(Input data)
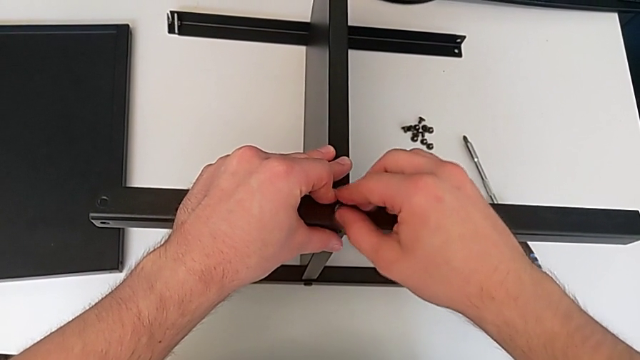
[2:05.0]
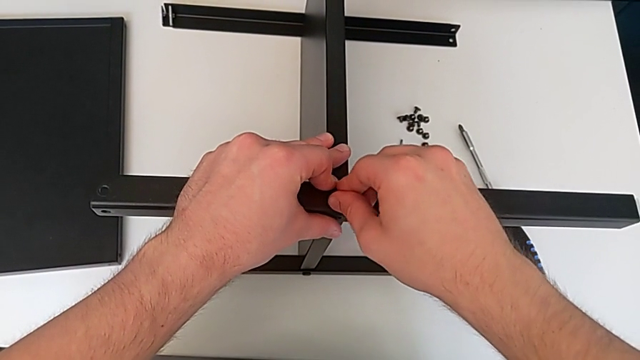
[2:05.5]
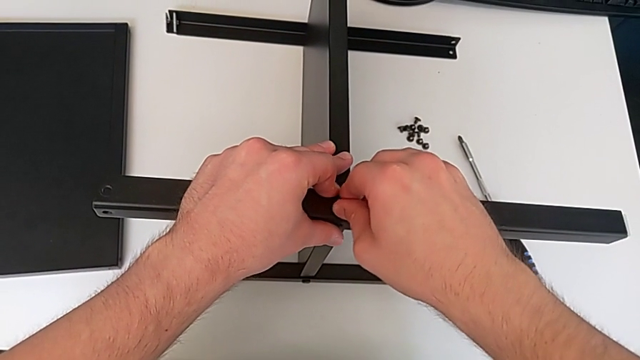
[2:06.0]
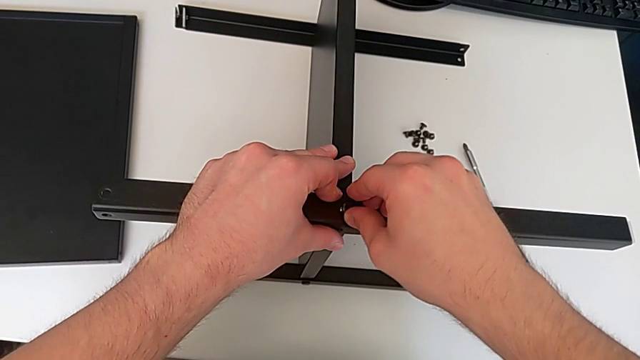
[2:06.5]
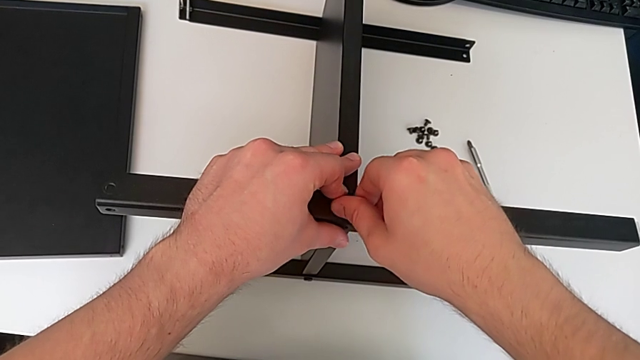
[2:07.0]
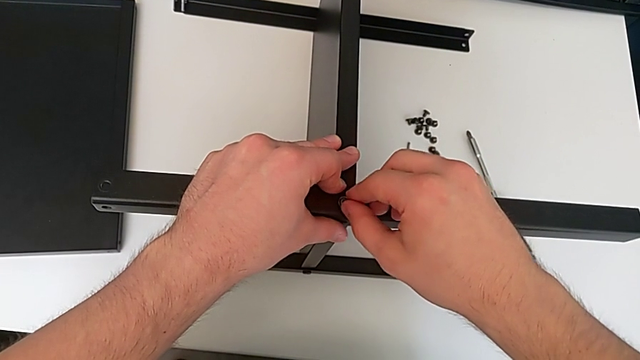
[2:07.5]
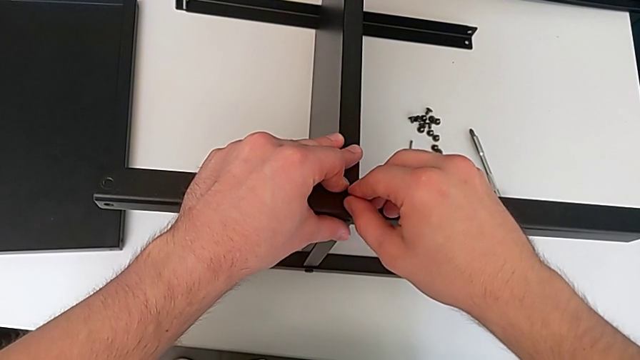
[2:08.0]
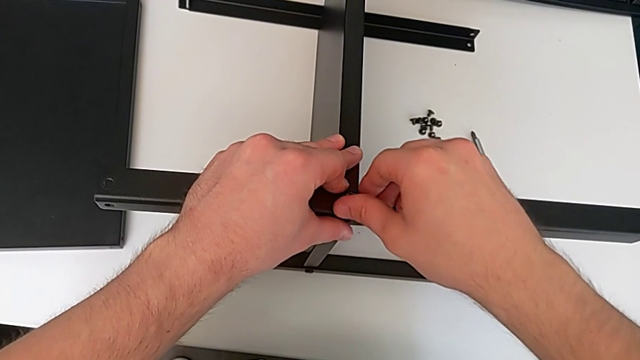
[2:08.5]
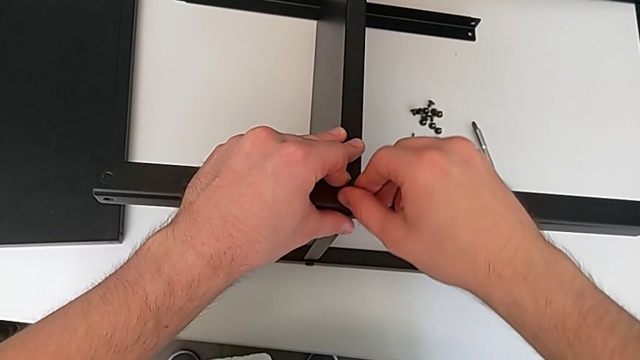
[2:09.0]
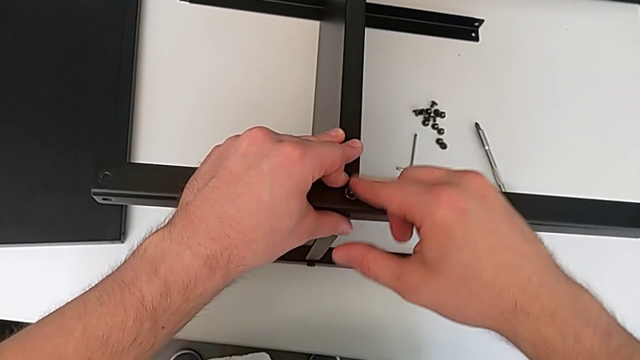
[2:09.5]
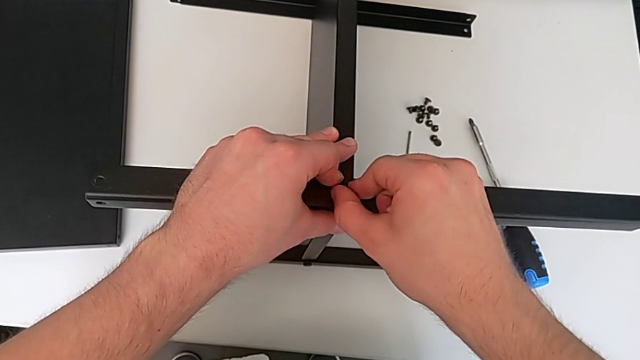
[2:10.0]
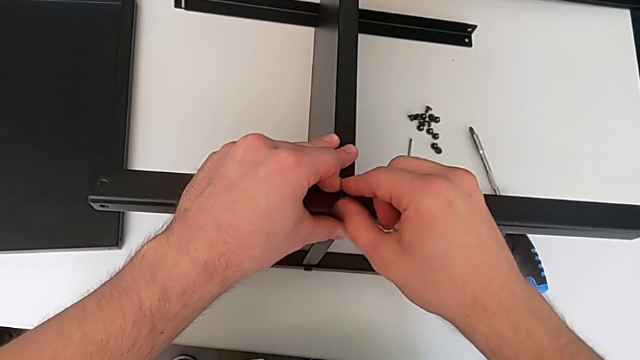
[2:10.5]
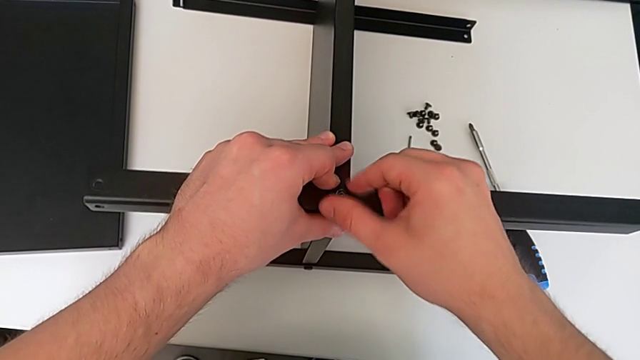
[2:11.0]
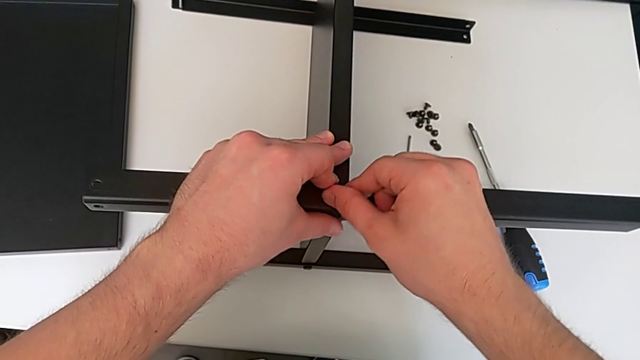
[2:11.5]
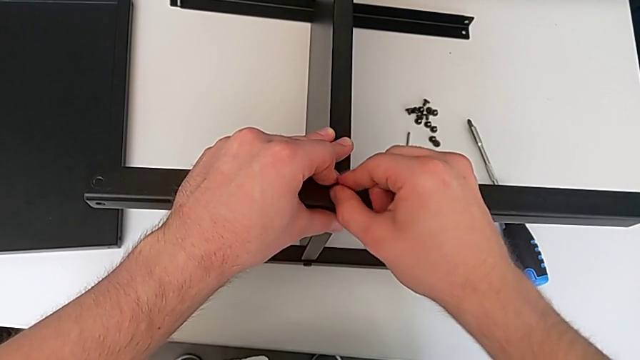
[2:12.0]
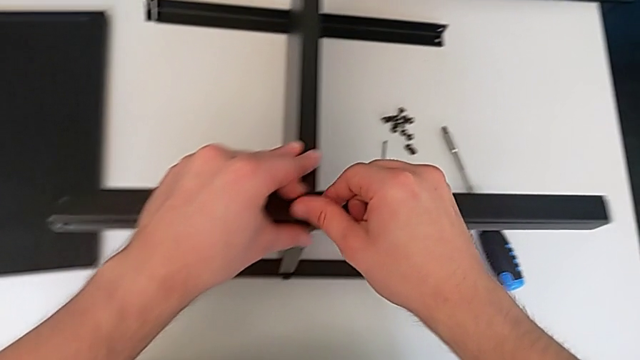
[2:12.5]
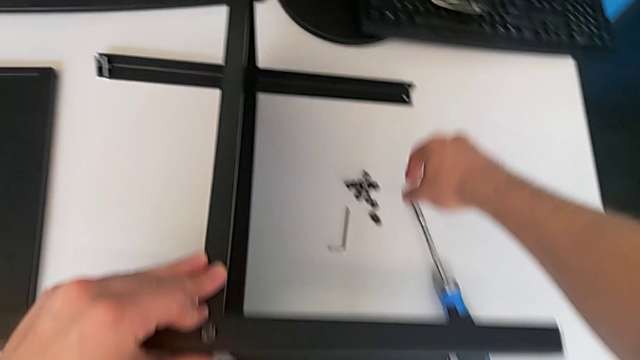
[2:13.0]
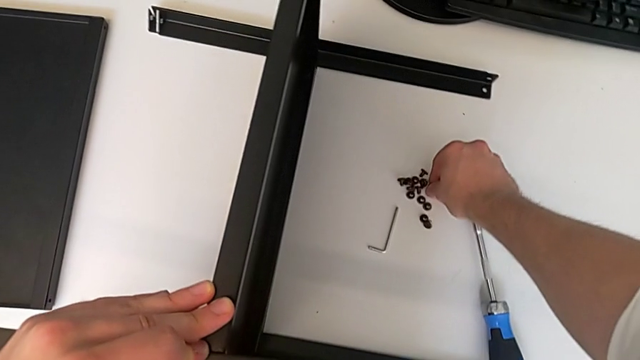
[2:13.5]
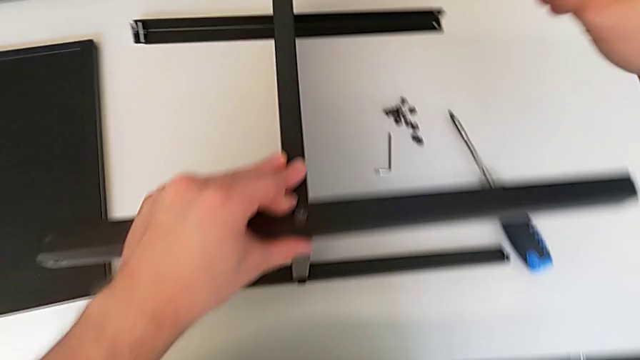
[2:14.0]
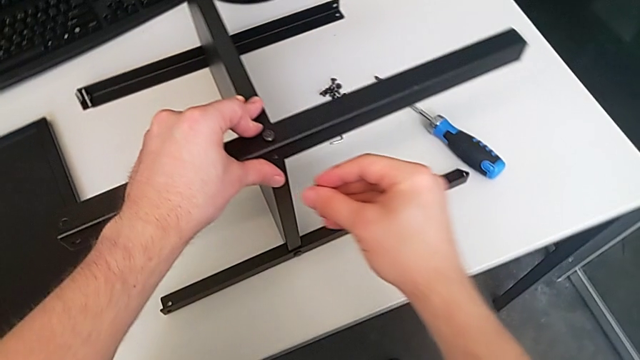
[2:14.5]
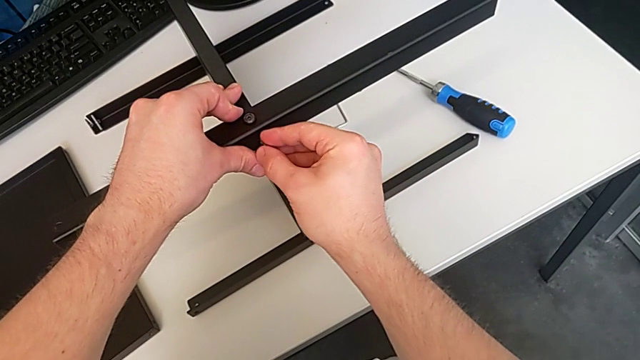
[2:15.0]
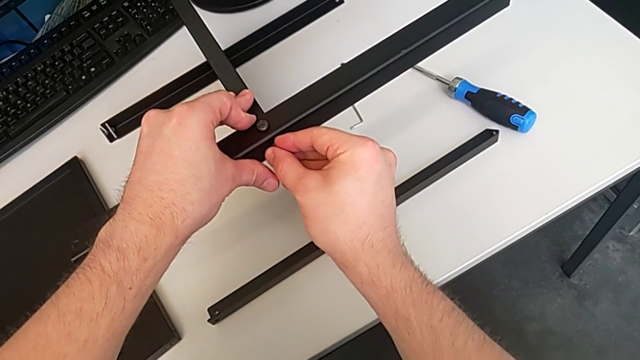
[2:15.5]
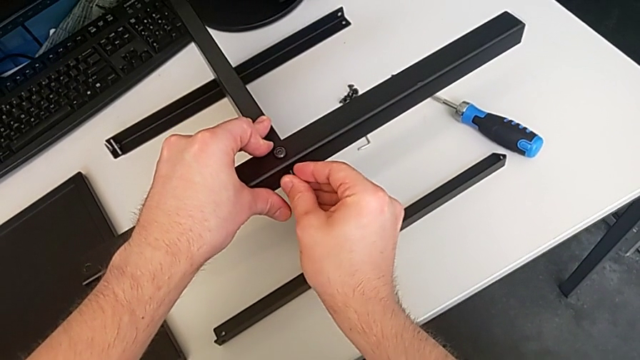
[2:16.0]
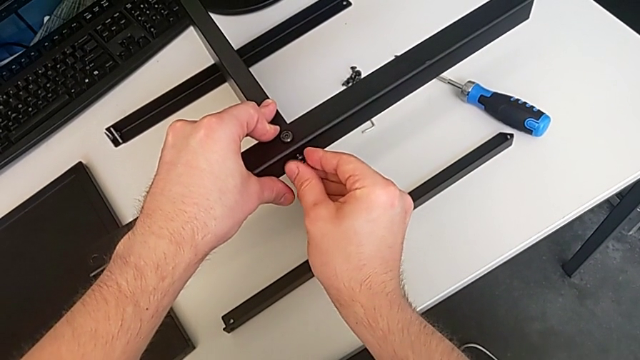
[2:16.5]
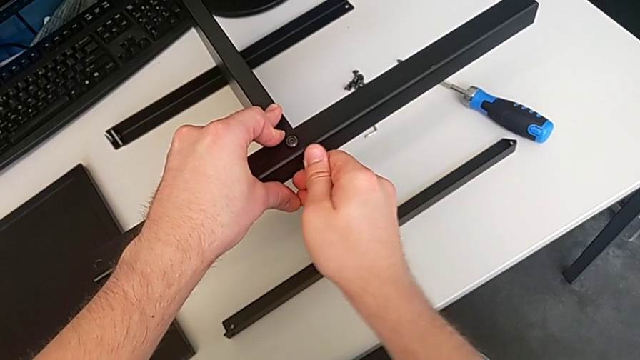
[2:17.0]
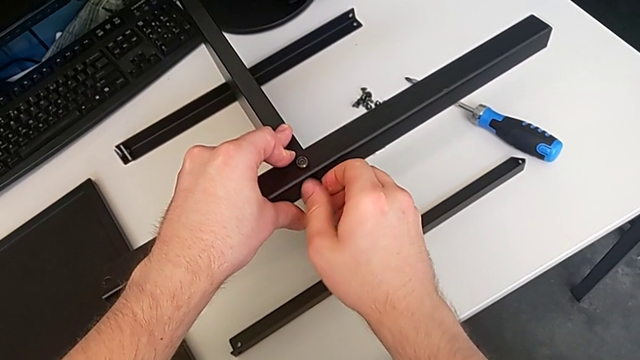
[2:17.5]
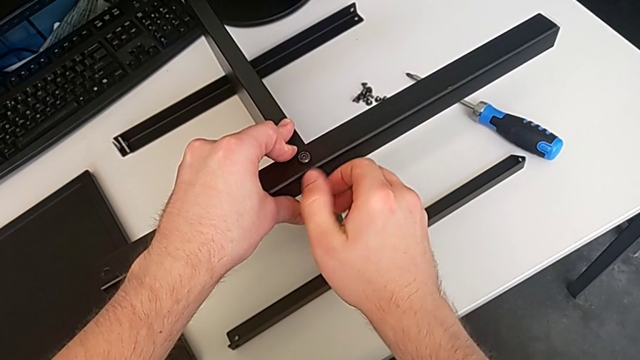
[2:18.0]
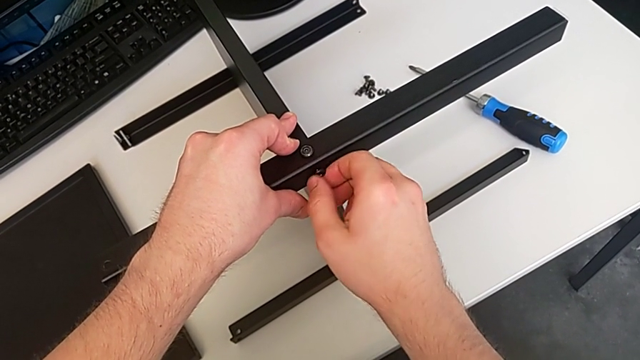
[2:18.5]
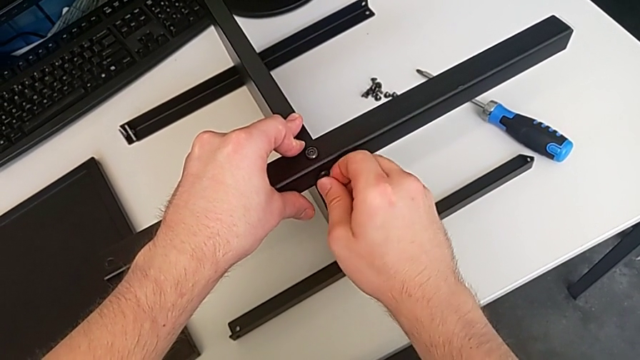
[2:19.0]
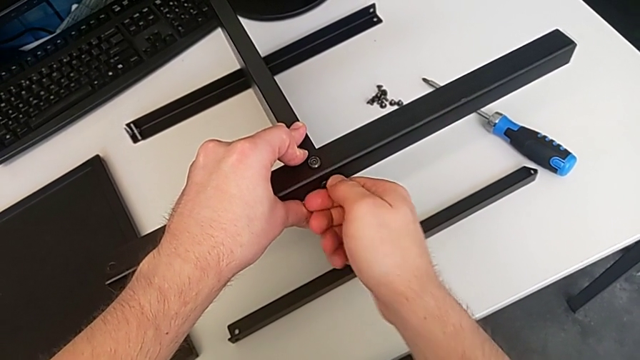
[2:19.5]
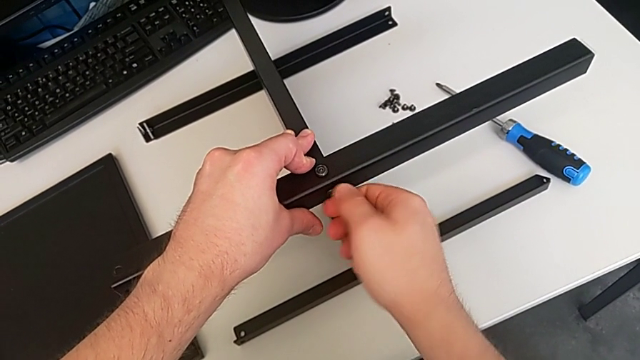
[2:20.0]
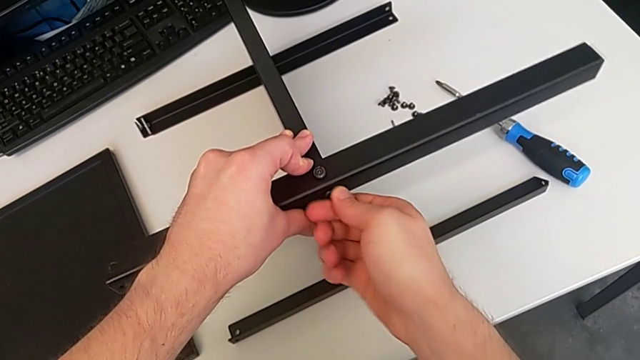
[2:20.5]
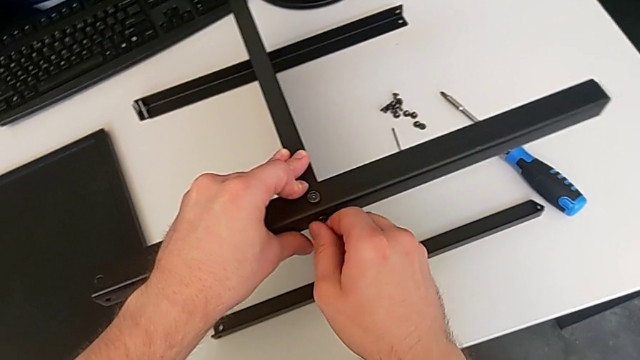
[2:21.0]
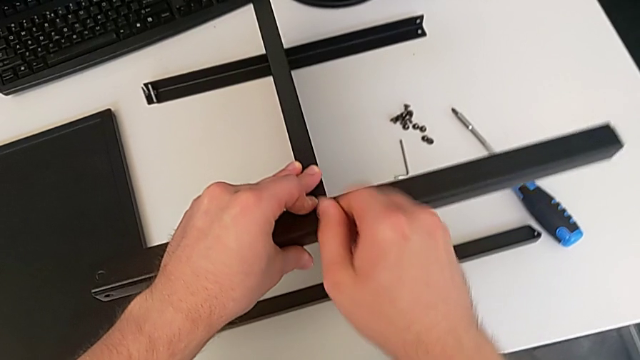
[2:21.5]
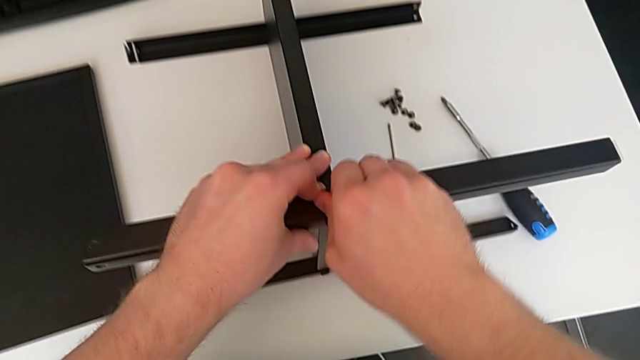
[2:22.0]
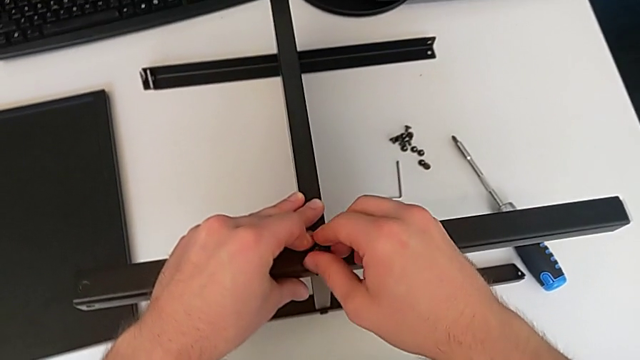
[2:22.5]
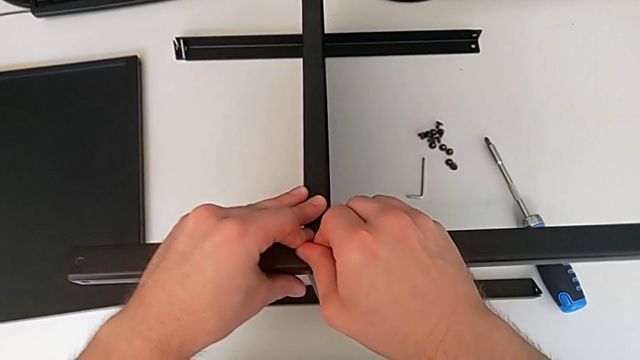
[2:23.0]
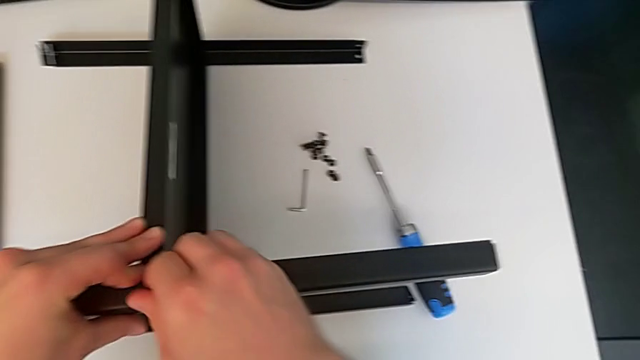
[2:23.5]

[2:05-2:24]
The camera wearer is screwing the second screw into one of the legs. They screw the third hex socket head, grab the fourth hex socket head, lift it, insert it, screw it and screw the hex socket head.
(End Input data)
▶ _Work order_:
Retype the data above exactly. Leave the pictures out.

▶ _Answer_:
[2:05.0]
[2:05.5]
[2:06.0]
[2:06.5]
[2:07.0]
[2:07.5]
[2:08.0]
[2:08.5]
[2:09.0]
[2:09.5]
[2:10.0]
[2:10.5]
[2:11.0]
[2:11.5]
[2:12.0]
[2:12.5]
[2:13.0]
[2:13.5]
[2:14.0]
[2:14.5]
[2:15.0]
[2:15.5]
[2:16.0]
[2:16.5]
[2:17.0]
[2:17.5]
[2:18.0]
[2:18.5]
[2:19.0]
[2:19.5]
[2:20.0]
[2:20.5]
[2:21.0]
[2:21.5]
[2:22.0]
[2:22.5]
[2:23.0]
[2:23.5]

[2:05-2:24]
The camera wearer is screwing the second screw into one of the legs. They screw the third hex socket head, grab the fourth hex socket head, lift it, insert it, screw it and screw the hex socket head.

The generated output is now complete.